- [YOUR OBJECTIVE] Write out every record in full, exactly as written, please.

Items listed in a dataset
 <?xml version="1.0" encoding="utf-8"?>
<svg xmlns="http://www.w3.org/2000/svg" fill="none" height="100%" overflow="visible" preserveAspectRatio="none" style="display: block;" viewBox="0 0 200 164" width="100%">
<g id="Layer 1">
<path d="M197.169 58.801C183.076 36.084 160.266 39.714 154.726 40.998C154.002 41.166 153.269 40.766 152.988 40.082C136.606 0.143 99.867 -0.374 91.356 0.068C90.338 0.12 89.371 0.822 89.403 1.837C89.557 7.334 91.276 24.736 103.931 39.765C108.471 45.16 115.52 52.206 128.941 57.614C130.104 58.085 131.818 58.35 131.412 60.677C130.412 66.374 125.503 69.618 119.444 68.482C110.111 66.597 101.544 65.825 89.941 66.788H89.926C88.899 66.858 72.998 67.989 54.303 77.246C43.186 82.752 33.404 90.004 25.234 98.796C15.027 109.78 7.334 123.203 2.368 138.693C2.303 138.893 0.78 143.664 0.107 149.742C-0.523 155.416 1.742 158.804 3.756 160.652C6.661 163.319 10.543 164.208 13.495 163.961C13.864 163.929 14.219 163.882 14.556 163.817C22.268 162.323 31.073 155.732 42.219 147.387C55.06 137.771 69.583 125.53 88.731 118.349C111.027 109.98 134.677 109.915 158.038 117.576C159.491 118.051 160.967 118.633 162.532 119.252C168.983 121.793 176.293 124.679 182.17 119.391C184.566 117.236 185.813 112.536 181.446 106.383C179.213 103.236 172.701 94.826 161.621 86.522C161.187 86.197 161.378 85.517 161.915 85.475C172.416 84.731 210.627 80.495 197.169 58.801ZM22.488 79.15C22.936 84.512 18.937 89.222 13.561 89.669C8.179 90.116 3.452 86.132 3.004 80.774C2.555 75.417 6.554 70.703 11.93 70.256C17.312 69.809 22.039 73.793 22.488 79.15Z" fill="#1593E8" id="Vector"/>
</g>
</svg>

- [RESULT]
 <?xml version="1.0" encoding="utf-8"?>
<svg xmlns="http://www.w3.org/2000/svg" fill="none" height="100%" overflow="visible" preserveAspectRatio="none" style="display: block;" viewBox="0 0 200 164" width="100%">
<g id="Layer 1">
<path d="M197.169 58.801C183.076 36.084 160.266 39.714 154.726 40.998C154.002 41.166 153.269 40.766 152.988 40.082C136.606 0.143 99.867 -0.374 91.356 0.068C90.338 0.12 89.371 0.822 89.403 1.837C89.557 7.334 91.276 24.736 103.931 39.765C108.471 45.16 115.52 52.206 128.941 57.614C130.104 58.085 131.818 58.35 131.412 60.677C130.412 66.374 125.503 69.618 119.444 68.482C110.111 66.597 101.544 65.825 89.941 66.788H89.926C88.899 66.858 72.998 67.989 54.303 77.246C43.186 82.752 33.404 90.004 25.234 98.796C15.027 109.78 7.334 123.203 2.368 138.693C2.303 138.893 0.78 143.664 0.107 149.742C-0.523 155.416 1.742 158.804 3.756 160.652C6.661 163.319 10.543 164.208 13.495 163.961C13.864 163.929 14.219 163.882 14.556 163.817C22.268 162.323 31.073 155.732 42.219 147.387C55.06 137.771 69.583 125.53 88.731 118.349C111.027 109.98 134.677 109.915 158.038 117.576C159.491 118.051 160.967 118.633 162.532 119.252C168.983 121.793 176.293 124.679 182.17 119.391C184.566 117.236 185.813 112.536 181.446 106.383C179.213 103.236 172.701 94.826 161.621 86.522C161.187 86.197 161.378 85.517 161.915 85.475C172.416 84.731 210.627 80.495 197.169 58.801ZM22.488 79.15C22.936 84.512 18.937 89.222 13.561 89.669C8.179 90.116 3.452 86.132 3.004 80.774C2.555 75.417 6.554 70.703 11.93 70.256C17.312 69.809 22.039 73.793 22.488 79.15Z" fill="#1593E8" id="Vector"/>
</g>
</svg>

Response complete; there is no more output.